[Dataset records]

■ ■ ■ ■ ■ ■ ■

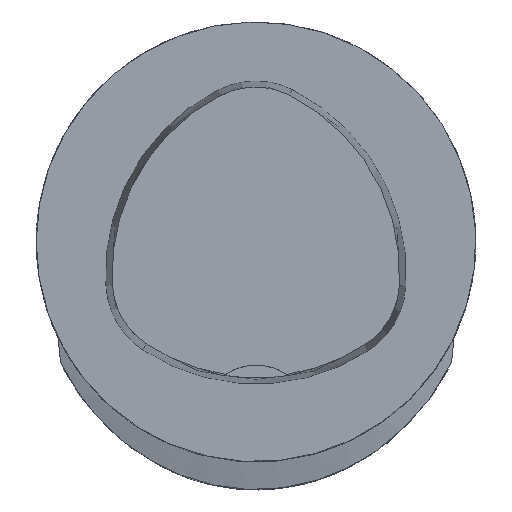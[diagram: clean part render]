
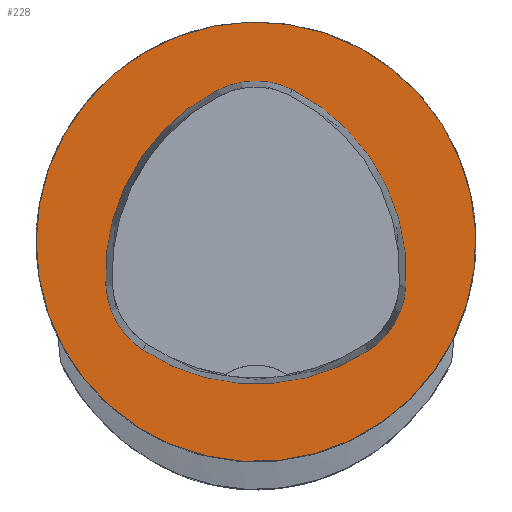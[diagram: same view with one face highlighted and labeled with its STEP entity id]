
A CAD part, top view. The second image highlights one B-rep face of the part: STEP entity #228.
In plain terms, the highlighted planar face has unit normal (0, 0, 1).
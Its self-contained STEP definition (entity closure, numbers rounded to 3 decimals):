
#228=ADVANCED_FACE('',(#462,#463),#280,.T.);
#280=PLANE('',#1365);
#462=FACE_BOUND('',#517,.T.);
#463=FACE_BOUND('',#518,.T.);
#517=EDGE_LOOP('',(#736,#737,#738,#739,#740,#741));
#518=EDGE_LOOP('',(#742));
#736=ORIENTED_EDGE('',*,*,#1105,.T.);
#737=ORIENTED_EDGE('',*,*,#1085,.T.);
#738=ORIENTED_EDGE('',*,*,#1089,.T.);
#739=ORIENTED_EDGE('',*,*,#1092,.T.);
#740=ORIENTED_EDGE('',*,*,#1095,.T.);
#741=ORIENTED_EDGE('',*,*,#1103,.T.);
#742=ORIENTED_EDGE('',*,*,#1074,.F.);
#952=VERTEX_POINT('',#2097);
#961=VERTEX_POINT('',#2125);
#962=VERTEX_POINT('',#2126);
#965=VERTEX_POINT('',#2134);
#967=VERTEX_POINT('',#2140);
#969=VERTEX_POINT('',#2146);
#976=VERTEX_POINT('',#2167);
#1074=EDGE_CURVE('',#952,#952,#1171,.T.);
#1085=EDGE_CURVE('',#961,#962,#1172,.T.);
#1089=EDGE_CURVE('',#962,#965,#1174,.T.);
#1092=EDGE_CURVE('',#965,#967,#1176,.T.);
#1095=EDGE_CURVE('',#967,#969,#1178,.T.);
#1103=EDGE_CURVE('',#969,#976,#1182,.T.);
#1105=EDGE_CURVE('',#976,#961,#1184,.T.);
#1171=CIRCLE('',#1336,16.);
#1172=CIRCLE('',#1343,15.);
#1174=CIRCLE('',#1346,6.);
#1176=CIRCLE('',#1349,15.);
#1178=CIRCLE('',#1352,6.);
#1182=CIRCLE('',#1357,15.);
#1184=CIRCLE('',#1360,6.);
#1336=AXIS2_PLACEMENT_3D('',#2096,#1581,#1582);
#1343=AXIS2_PLACEMENT_3D('',#2124,#1599,#1600);
#1346=AXIS2_PLACEMENT_3D('',#2133,#1607,#1608);
#1349=AXIS2_PLACEMENT_3D('',#2139,#1614,#1615);
#1352=AXIS2_PLACEMENT_3D('',#2145,#1621,#1622);
#1357=AXIS2_PLACEMENT_3D('',#2168,#1633,#1634);
#1360=AXIS2_PLACEMENT_3D('',#2171,#1639,#1640);
#1365=AXIS2_PLACEMENT_3D('',#2176,#1649,#1650);
#1581=DIRECTION('',(0.,0.,-1.));
#1582=DIRECTION('',(-1.,0.,0.));
#1599=DIRECTION('',(0.,0.,-1.));
#1600=DIRECTION('',(-1.,0.,0.));
#1607=DIRECTION('',(0.,0.,-1.));
#1608=DIRECTION('',(-1.,0.,0.));
#1614=DIRECTION('',(0.,0.,-1.));
#1615=DIRECTION('',(-1.,0.,0.));
#1621=DIRECTION('',(0.,0.,-1.));
#1622=DIRECTION('',(-1.,0.,0.));
#1633=DIRECTION('',(0.,0.,-1.));
#1634=DIRECTION('',(-1.,0.,0.));
#1639=DIRECTION('',(0.,0.,-1.));
#1640=DIRECTION('',(-1.,0.,0.));
#1649=DIRECTION('',(0.,0.,1.));
#1650=DIRECTION('',(1.,0.,0.));
#2096=CARTESIAN_POINT('',(0.,0.,0.));
#2097=CARTESIAN_POINT('',(-16.,0.,0.));
#2124=CARTESIAN_POINT('',(4.048,-2.316,0.));
#2125=CARTESIAN_POINT('',(-10.926,-3.206,0.));
#2126=CARTESIAN_POINT('',(-2.774,11.043,0.));
#2133=CARTESIAN_POINT('',(-0.045,5.7,0.));
#2134=CARTESIAN_POINT('',(2.638,11.066,0.));
#2139=CARTESIAN_POINT('',(-4.07,-2.35,0.));
#2140=CARTESIAN_POINT('',(10.903,-3.249,0.));
#2145=CARTESIAN_POINT('',(4.914,-2.889,0.));
#2146=CARTESIAN_POINT('',(8.177,-7.924,0.));
#2167=CARTESIAN_POINT('',(-8.24,-7.859,0.));
#2168=CARTESIAN_POINT('',(0.019,4.663,0.));
#2171=CARTESIAN_POINT('',(-4.936,-2.85,0.));
#2176=CARTESIAN_POINT('',(0.,0.,0.));

■ ■ ■ ■ ■ ■ ■

[BRIEF] Write only the number of lines in the entries that contain the word "CIRCLE".

[ANSWER BOX] 7